Semi-Supervised vs Related Paradigms

| Paradigm | Labels Available | Unlabeled Used? | |---|---|---| | Supervised | All (or most) data labeled | No | | Semi-supervised | Small fraction labeled | Yes | | Self-supervised | None (labels auto-generated) | Yes — labels come from data | | Unsupervised | None | Yes | | Transfer learning | Labeled in a different domain | Yes (pre-training data) |

Self-supervised learning (BERT, GPT pre-training) is a special case where the model generates its own supervision signal from unlabeled data (e.g., predict masked tokens). It's distinct from semi-supervised but related.


Interview Answer Template

Q: What is semi-supervised learning and when would you use it?

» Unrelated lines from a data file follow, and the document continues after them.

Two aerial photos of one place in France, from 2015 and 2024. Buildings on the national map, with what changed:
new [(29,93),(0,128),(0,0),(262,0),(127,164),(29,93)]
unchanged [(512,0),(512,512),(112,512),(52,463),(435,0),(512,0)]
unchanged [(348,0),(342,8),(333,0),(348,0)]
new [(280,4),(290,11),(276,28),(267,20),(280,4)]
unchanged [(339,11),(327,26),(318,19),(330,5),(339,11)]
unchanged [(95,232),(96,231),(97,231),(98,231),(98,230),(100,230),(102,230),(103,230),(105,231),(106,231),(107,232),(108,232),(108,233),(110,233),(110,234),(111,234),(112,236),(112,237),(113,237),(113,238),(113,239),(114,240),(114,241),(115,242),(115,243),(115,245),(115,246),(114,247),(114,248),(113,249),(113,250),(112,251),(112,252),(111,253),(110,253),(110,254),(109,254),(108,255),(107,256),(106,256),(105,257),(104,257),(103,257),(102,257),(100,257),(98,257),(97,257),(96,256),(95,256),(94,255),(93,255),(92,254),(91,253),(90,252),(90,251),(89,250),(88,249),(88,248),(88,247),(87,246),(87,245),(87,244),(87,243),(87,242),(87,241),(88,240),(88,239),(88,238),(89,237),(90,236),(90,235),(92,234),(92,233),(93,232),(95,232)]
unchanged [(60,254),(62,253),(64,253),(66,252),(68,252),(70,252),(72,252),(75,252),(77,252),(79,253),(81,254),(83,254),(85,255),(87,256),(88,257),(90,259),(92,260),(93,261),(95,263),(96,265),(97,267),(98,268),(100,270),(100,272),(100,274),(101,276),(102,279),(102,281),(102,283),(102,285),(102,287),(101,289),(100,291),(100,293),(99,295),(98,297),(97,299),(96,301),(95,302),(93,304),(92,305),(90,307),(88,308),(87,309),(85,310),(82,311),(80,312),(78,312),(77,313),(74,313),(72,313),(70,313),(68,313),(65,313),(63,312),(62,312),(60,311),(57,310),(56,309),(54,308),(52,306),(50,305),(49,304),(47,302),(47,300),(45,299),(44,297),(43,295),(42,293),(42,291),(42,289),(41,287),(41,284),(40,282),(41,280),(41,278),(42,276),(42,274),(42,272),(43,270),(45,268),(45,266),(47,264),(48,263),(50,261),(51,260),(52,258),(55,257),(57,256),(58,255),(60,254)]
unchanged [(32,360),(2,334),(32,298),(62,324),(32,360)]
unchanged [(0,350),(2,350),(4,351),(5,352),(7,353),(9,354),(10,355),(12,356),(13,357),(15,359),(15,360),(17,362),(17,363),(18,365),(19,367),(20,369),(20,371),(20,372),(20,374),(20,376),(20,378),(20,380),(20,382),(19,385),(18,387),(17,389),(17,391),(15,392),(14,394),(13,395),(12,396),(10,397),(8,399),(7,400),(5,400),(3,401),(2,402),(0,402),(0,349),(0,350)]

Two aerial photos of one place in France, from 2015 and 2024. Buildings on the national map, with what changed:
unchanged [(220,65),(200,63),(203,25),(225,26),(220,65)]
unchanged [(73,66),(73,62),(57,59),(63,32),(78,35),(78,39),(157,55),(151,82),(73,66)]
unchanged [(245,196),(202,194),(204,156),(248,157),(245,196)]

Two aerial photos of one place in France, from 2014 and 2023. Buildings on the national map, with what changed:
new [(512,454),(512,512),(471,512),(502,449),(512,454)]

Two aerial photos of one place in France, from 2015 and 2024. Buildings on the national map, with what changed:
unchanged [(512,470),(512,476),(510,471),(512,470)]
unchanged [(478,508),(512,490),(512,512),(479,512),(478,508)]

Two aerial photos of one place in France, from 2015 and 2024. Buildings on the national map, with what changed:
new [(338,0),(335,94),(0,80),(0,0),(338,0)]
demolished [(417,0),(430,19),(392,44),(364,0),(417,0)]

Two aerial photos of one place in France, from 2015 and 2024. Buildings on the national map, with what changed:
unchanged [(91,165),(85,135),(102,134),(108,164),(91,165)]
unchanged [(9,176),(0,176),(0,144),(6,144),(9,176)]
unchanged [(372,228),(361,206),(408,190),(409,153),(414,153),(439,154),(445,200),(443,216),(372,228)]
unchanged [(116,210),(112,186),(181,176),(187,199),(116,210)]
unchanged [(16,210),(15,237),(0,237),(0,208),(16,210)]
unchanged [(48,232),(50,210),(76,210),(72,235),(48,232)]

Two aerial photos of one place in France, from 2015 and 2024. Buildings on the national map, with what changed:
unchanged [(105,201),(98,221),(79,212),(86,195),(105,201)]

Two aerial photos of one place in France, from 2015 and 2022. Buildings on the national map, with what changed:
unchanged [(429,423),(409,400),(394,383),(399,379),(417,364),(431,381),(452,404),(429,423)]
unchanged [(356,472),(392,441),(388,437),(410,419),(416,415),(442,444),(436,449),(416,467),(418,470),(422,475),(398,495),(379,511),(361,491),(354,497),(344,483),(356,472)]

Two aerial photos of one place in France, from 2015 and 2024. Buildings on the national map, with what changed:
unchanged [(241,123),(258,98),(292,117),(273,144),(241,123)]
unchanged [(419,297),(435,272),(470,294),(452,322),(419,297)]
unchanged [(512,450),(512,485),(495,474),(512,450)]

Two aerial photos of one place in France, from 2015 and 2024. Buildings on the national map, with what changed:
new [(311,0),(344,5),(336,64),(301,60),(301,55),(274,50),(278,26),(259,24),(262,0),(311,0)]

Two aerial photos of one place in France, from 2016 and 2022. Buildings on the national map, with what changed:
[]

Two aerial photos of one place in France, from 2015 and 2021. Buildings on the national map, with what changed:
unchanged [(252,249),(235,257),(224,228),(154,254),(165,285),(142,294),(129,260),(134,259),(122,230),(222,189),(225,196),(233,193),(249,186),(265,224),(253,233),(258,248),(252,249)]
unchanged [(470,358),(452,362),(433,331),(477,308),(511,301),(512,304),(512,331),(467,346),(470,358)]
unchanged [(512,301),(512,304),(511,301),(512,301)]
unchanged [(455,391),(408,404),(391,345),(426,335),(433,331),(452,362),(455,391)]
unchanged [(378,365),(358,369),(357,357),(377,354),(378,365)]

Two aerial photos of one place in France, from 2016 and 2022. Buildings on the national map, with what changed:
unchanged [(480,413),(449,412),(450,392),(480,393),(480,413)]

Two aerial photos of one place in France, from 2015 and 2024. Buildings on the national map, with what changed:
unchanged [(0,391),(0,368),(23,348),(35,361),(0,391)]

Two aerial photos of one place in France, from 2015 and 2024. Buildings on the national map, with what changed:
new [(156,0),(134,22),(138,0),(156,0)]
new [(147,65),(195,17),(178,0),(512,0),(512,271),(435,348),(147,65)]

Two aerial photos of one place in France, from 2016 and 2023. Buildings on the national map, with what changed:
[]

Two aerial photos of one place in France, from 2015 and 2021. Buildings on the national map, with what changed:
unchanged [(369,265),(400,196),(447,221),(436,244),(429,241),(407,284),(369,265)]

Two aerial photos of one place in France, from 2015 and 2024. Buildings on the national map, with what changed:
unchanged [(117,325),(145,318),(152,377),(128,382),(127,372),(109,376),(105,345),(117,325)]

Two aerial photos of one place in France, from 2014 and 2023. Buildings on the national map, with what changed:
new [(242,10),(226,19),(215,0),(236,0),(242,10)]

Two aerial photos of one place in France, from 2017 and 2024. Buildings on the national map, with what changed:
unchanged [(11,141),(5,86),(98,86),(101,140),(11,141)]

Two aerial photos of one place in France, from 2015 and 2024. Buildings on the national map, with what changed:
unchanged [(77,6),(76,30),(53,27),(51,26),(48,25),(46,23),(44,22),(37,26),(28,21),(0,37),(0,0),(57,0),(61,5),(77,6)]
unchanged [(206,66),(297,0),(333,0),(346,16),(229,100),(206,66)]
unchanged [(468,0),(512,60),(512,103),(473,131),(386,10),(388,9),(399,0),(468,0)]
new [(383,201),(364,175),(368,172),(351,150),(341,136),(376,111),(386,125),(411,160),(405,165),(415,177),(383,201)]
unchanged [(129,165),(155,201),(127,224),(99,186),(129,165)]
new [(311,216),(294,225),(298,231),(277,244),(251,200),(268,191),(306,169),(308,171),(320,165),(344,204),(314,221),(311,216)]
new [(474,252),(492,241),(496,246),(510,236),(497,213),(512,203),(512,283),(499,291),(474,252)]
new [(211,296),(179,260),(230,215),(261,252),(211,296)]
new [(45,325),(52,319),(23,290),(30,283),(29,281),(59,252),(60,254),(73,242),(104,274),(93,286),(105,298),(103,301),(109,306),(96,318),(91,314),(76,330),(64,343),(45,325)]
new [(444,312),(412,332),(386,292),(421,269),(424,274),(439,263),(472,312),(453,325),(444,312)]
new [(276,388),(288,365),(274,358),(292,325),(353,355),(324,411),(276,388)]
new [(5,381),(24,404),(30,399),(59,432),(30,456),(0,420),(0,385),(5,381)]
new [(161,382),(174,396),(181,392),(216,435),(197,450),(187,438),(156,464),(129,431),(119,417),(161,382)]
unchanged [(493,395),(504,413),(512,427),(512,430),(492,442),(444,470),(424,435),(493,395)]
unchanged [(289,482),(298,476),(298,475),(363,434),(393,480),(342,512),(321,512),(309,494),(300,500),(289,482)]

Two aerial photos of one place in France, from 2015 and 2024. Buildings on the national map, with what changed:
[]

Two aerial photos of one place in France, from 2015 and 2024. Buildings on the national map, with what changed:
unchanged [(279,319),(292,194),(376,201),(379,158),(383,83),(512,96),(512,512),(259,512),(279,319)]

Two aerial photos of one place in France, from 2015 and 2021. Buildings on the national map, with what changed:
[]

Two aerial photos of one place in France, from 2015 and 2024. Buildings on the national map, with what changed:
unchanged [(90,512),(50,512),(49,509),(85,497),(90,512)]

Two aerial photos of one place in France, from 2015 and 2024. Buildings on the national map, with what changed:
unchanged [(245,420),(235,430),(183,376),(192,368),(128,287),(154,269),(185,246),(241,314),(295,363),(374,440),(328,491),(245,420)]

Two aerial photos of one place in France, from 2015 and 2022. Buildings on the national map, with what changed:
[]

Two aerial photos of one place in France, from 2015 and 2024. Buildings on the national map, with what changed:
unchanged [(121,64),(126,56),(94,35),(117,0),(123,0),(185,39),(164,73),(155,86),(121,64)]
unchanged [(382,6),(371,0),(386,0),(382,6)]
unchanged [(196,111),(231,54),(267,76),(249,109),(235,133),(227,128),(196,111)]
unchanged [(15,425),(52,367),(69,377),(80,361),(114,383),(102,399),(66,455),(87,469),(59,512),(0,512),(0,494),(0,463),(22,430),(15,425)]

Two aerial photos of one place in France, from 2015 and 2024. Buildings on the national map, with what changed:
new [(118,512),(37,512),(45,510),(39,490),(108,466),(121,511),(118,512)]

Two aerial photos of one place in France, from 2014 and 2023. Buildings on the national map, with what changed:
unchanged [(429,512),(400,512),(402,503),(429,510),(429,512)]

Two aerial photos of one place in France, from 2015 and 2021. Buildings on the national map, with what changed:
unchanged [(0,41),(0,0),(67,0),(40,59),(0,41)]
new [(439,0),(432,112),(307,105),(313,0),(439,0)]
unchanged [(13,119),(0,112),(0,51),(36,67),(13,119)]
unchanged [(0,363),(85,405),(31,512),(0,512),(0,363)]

Semi-supervised learning combines a small amount of labeled data with a large amount of unlabeled data for training. It's motivated by the fact that labeling is expensive — domain experts are needed for medical, legal, or financial data — while unlabeled data is abundant. Common approaches include self-training (predict labels for unlabeled data, retrain on high-confidence pseudo-labels), label propagation (spread labels through a similarity graph), and pre-training on unlabeled data followed by fine-tuning on labeled examples. The most impactful version in modern AI is BERT and GPT pre-training, which uses massive unlabeled corpora to learn representations that can then be fine-tuned with only hundreds or thousands of labeled examples.